The program can be particularly helpful in rural areas, where ambulances and paramedics can be far away, but troopers may be patrolling nearby, Pearl said.

After Iacovissi was revived on the roadside with naloxone, he allegedly told troopers he had used heroin. Two months later, on the evening of April 20, Iacovissi was again on Route 146, in the same pickup truck and again, authorities say, impaired by drugs. The exact drug is unclear pending tests. As witnesses spoke with 911 operators to report his erratic driving, the truck he was operating slammed into the van.

"I've never seen someone so out of it," one witness to the crash told troopers. "He does not deserve to be driving on the road; he's going to kill someone."

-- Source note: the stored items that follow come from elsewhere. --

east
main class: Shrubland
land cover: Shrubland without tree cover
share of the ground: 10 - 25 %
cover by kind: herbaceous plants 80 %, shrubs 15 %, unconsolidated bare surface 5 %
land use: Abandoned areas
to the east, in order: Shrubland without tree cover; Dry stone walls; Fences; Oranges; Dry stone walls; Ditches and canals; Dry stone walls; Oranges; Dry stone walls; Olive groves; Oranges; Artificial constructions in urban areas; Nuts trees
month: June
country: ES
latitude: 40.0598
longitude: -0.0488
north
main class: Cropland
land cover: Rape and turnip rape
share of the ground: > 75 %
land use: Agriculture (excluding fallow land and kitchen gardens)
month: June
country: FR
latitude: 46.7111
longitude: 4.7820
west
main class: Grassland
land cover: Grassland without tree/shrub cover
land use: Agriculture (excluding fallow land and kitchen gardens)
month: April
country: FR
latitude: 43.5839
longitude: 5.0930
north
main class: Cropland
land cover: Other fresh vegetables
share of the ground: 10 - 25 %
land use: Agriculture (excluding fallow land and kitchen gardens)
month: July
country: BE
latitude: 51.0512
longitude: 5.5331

Iacovissi's license was temporarily suspended after a February 2017 Saratoga County DWAI conviction, state records show. But that suspension had been lifted by the time he was found unconscious behind the wheel in February and, with charges from that arrest pending, his license had not been revoked at the time of the April crash.

Another crash suspected to involve opioid use happened in January in Saratoga Springs. City police in that case called a sheriff's office drug recognition expert to the Geyser Road crash scene, where three people, including an 8-year-old boy, were injured.

Police determined the boy's mother, 47-year-old Saratoga Springs resident Wendy L. Cook, caused the crash, and the drug recognition expert found her to be impaired. She faces vehicular assault and other charges.

In her case, investigators used evidence in her vehicle to conclude she was impaired by opiates, police said. They found two hypodermic syringes, as well as multiple small, plastic envelopes commonly used to package drugs, according to court documents.

Naloxone is used in a variety of situations where overdoses are suspect, including in homes and public places. 

"I think it's very important," Zieske said of the naloxone program. "We have participated in saving lives. ... We have definitely had some turnarounds for people who might otherwise have died where they were brought back to hopefully get the help that they need."